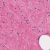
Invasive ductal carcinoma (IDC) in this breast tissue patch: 0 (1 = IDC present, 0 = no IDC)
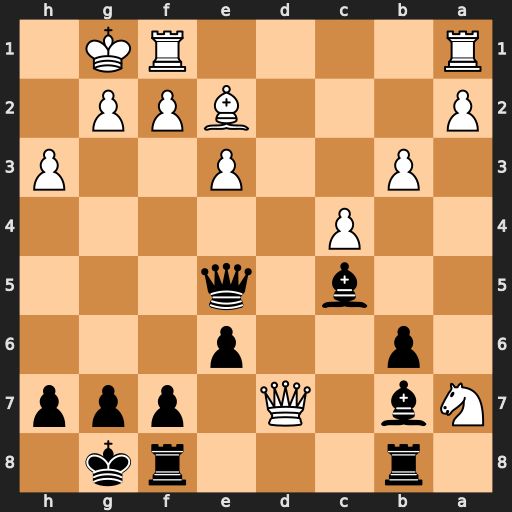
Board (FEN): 1r3rk1/Nb1Q1ppp/1p2p3/2b1q3/2P5/1P2P2P/P3BPP1/R4RK1
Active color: b
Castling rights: -
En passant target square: -
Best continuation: Bd6 Qxd6 Qxd6
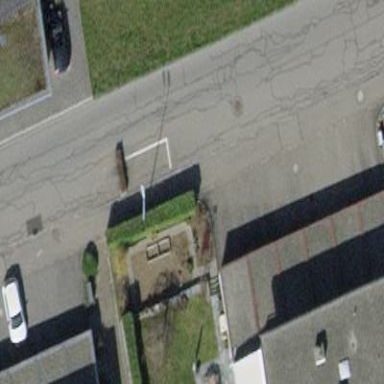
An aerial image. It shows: Group of garages.
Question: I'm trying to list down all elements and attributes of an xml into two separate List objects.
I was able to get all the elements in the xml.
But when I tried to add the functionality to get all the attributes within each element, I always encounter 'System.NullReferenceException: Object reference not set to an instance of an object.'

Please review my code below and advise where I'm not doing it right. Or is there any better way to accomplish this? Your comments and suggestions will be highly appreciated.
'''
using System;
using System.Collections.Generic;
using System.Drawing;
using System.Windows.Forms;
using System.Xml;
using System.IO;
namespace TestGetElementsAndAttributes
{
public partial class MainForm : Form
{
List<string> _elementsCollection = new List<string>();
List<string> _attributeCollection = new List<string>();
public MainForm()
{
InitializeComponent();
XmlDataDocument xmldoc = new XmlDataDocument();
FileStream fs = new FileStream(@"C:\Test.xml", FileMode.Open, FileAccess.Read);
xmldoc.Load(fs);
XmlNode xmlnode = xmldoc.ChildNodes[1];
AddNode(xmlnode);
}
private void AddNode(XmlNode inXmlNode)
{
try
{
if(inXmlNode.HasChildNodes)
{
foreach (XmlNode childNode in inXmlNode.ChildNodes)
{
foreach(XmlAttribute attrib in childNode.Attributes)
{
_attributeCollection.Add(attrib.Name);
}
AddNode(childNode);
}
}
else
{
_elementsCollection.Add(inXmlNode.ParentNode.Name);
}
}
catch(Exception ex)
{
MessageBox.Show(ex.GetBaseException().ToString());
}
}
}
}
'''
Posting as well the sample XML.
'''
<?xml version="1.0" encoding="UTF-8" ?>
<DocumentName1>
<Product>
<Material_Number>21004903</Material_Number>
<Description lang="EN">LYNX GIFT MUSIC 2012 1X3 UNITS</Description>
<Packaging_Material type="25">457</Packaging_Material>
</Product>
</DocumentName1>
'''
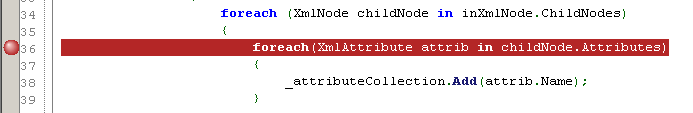
Answer: You should check the existence of 'childNode.Attributes' with something like this:
'''
if (childNode.Attributes != null)
{
foreach(XmlAttribute attrib in childNode.Attributes)
{
...
}
}
'''
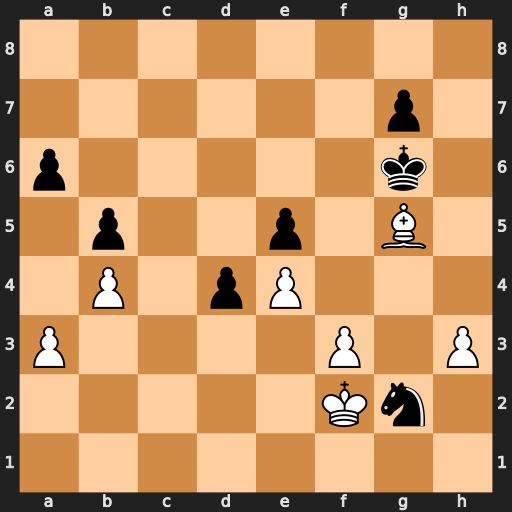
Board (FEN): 8/6p1/p5k1/1p2p1B1/1P1pP3/P4P1P/5Kn1/8
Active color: w
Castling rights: -
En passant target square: -
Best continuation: h4 Ne3 Bxe3 dxe3+ Kxe3 Kh5 f4 Kxh4 fxe5
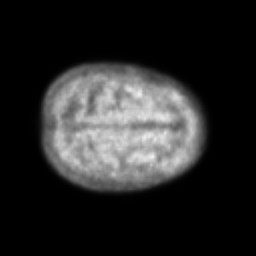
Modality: PET
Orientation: axial
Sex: female
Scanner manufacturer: ge
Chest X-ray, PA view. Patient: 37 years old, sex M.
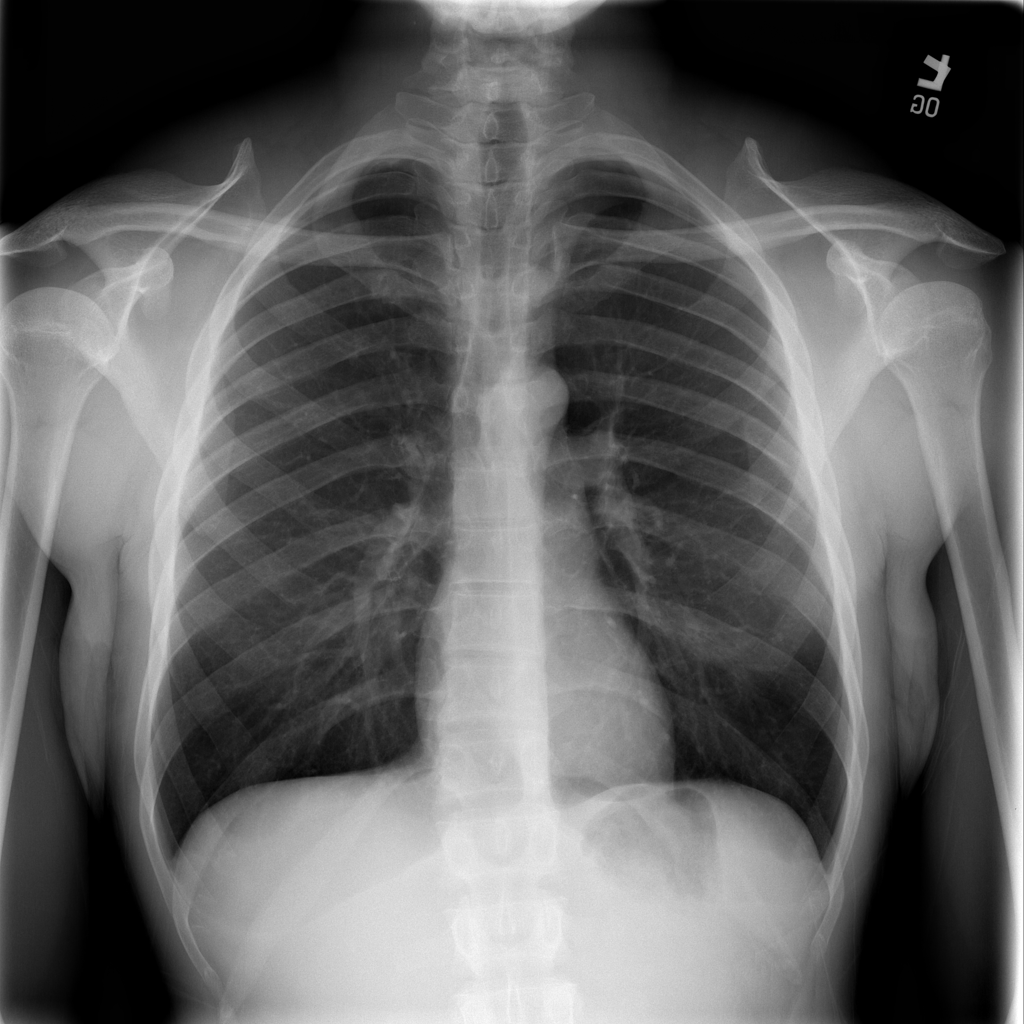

- **What to produce**
Your answer must be the exact lines from the start of the data through the line with "Best continuation: Bd6 Qxd6 Qxd6", inclusive, and nothing else; pictures do not belong in it.

- **The answer**
Invasive ductal carcinoma (IDC) in this breast tissue patch: 0 (1 = IDC present, 0 = no IDC)
Board (FEN): 1r3rk1/Nb1Q1ppp/1p2p3/2b1q3/2P5/1P2P2P/P3BPP1/R4RK1
Active color: b
Castling rights: -
En passant target square: -
Best continuation: Bd6 Qxd6 Qxd6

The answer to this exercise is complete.